JanB comments on Trying to disambiguate different questions about whether RLHF is “good”

JanB 16 Jan 2023 14:26 UTC
LW: 1 AF: 1
0
AF
Should we do more research on improving RLHF (e.g. increasing its sample efficiency, or understanding its empirical properties) now?
I think this research, though it’s not my favorite kind of alignment research, probably contributes positively to technical alignment. Also, it maybe boosts capabilities, so I think it’s better to do this research privately (or at least not promote your results extensively in the hope of raising more funding). I normally don’t recommend that people research this, and I normally don’t recommend that projects of this type be funded.
Should we do research on alignment schemes which use RLHF as a building block? E.g. work on recursive oversight schemes or RLHF with adversarial training?

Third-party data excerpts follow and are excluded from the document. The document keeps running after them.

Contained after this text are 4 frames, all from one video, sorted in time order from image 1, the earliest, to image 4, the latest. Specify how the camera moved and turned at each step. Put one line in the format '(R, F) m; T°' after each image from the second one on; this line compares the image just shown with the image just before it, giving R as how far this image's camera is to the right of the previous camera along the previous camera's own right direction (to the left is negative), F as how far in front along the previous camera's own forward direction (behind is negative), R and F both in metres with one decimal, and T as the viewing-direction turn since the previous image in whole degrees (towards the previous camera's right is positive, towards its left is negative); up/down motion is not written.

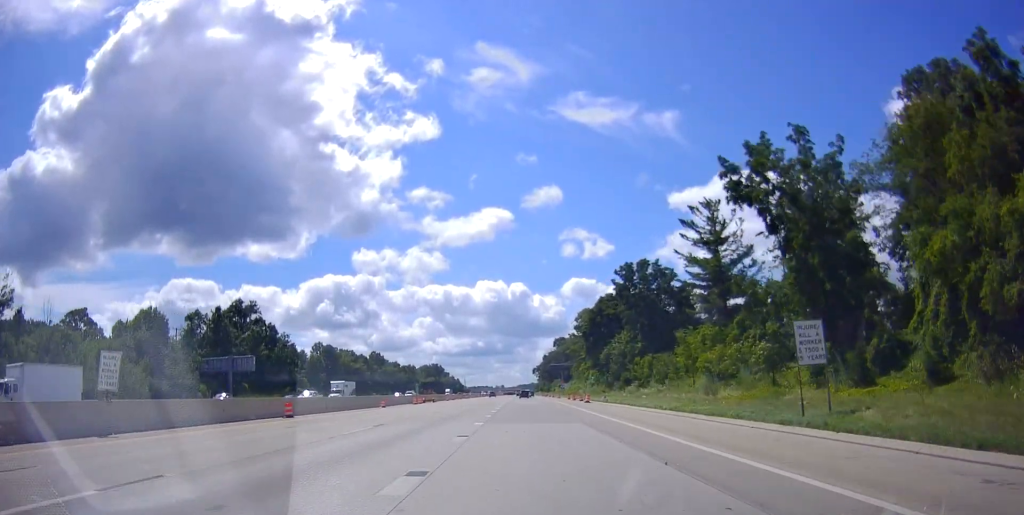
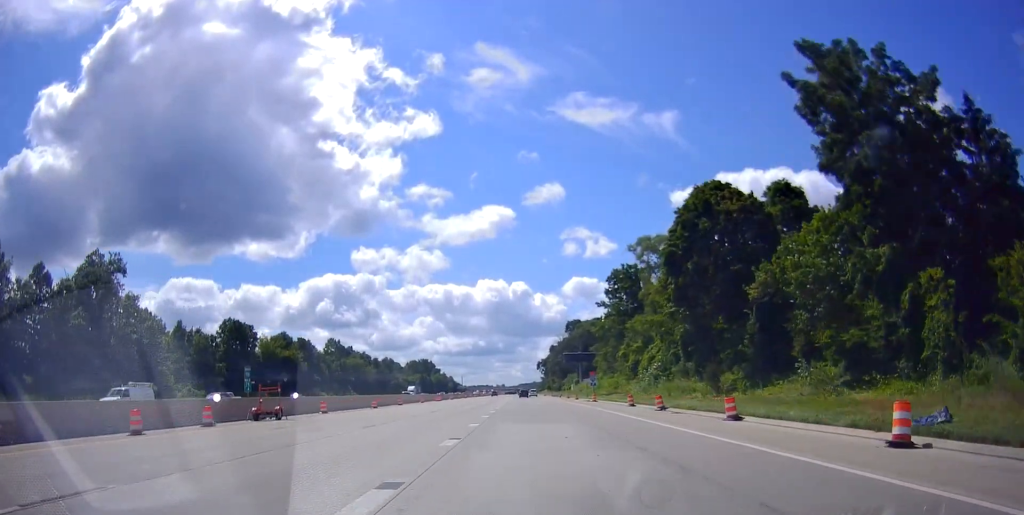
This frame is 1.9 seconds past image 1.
(+1.1, +62.2) m; +2°
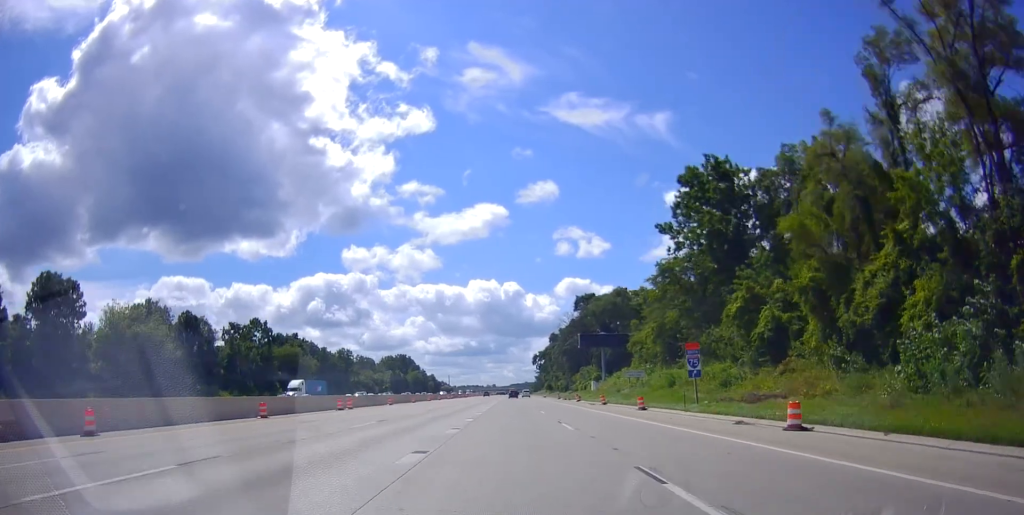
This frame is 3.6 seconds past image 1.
(+0.2, +57.1) m; 0°
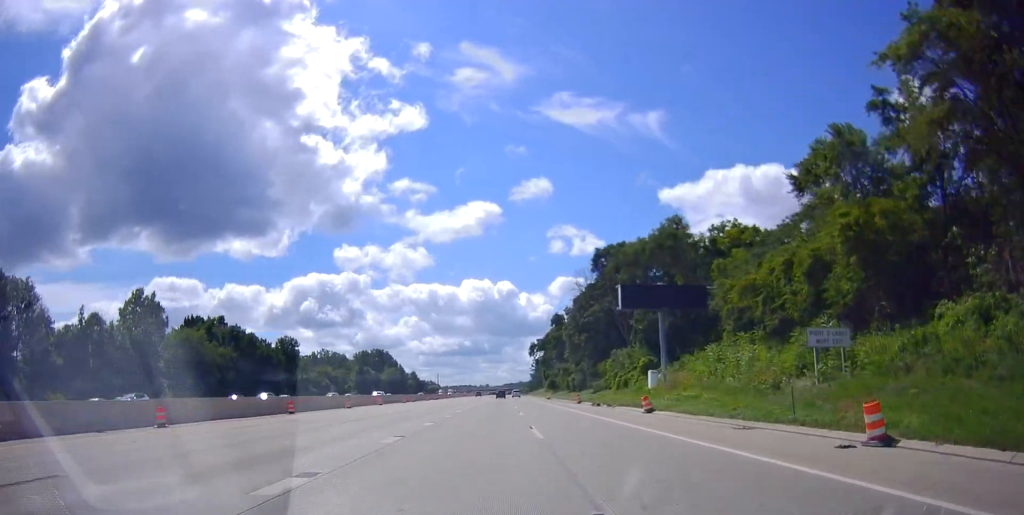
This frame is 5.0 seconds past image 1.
(-0.2, +49.1) m; -1°
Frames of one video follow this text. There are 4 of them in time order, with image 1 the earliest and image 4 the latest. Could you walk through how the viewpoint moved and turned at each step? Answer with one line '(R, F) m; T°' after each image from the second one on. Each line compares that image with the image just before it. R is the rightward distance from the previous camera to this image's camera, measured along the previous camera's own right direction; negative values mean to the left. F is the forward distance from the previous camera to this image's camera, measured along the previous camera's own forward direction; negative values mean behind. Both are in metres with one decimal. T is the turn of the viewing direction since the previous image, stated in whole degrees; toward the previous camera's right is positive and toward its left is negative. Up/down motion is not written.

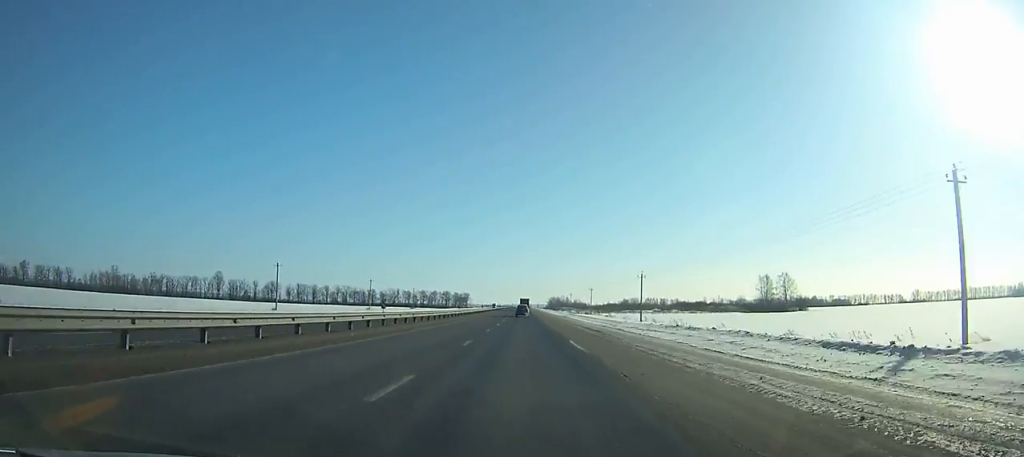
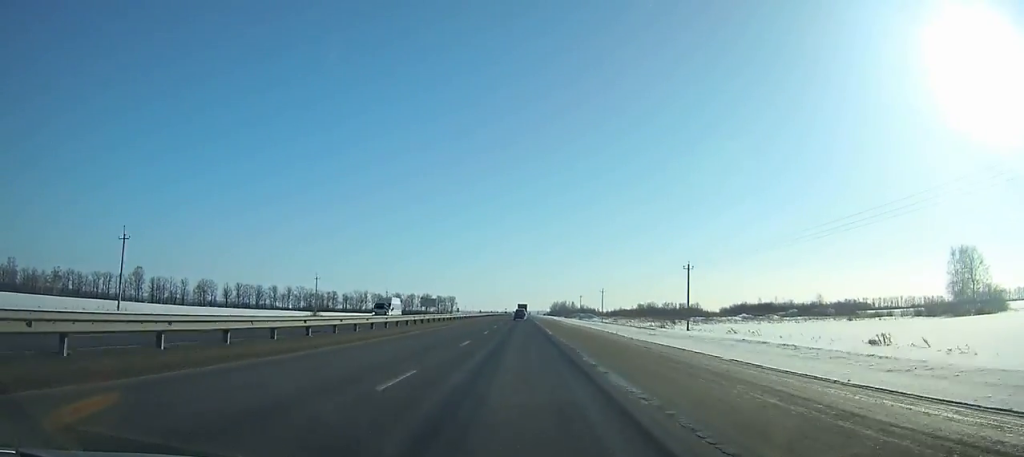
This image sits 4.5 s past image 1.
(-0.2, +106.1) m; 0°
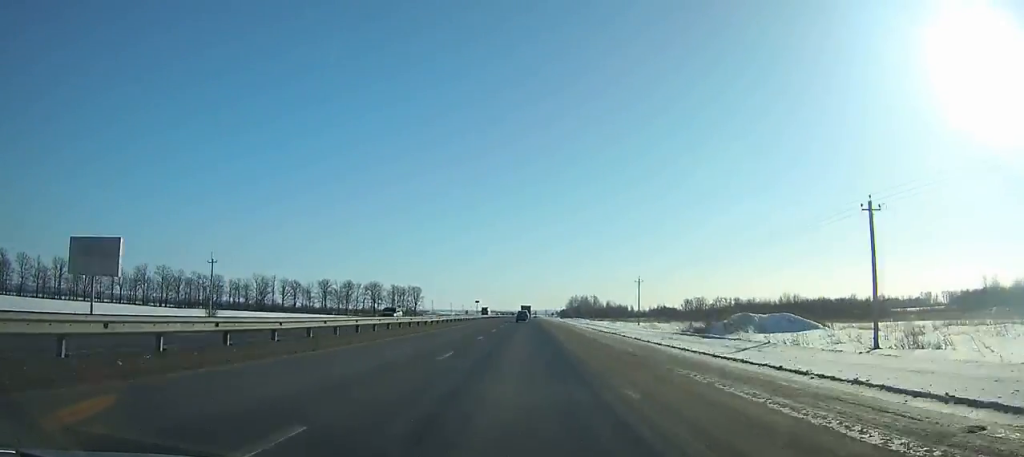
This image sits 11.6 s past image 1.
(0.0, +172.6) m; 0°
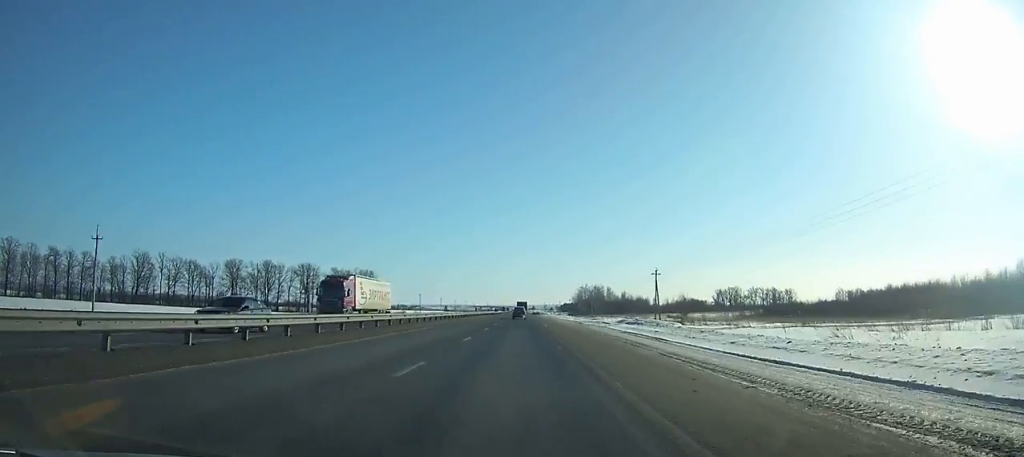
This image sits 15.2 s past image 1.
(+0.2, +87.8) m; 0°

IMO, this kind of research is promising and I expect a large fraction of the best alignment research to look like this.
Where does this difference come from?
From an alignment perspective, increasing the sample efficiency of RLHF looks really good, as this would allow us to use human experts with plenty of deliberation time to provide the supervision. I’d expect this to be at least as good as several rounds of debate, IDA, or RRM in which the human supervision is provided by human lay people under time pressure.
From a capabilities perspective, recursive oversight schemes and adversarial training also increase capabilities. E.g. a reason that Google currently doesn’t deploy their LLMs is probably that they sometimes produce offensive output, which is probably better addressed by increasing the data diversity during finetuning (e.g. adversarial training), rather than improving specification (although that’s not clear).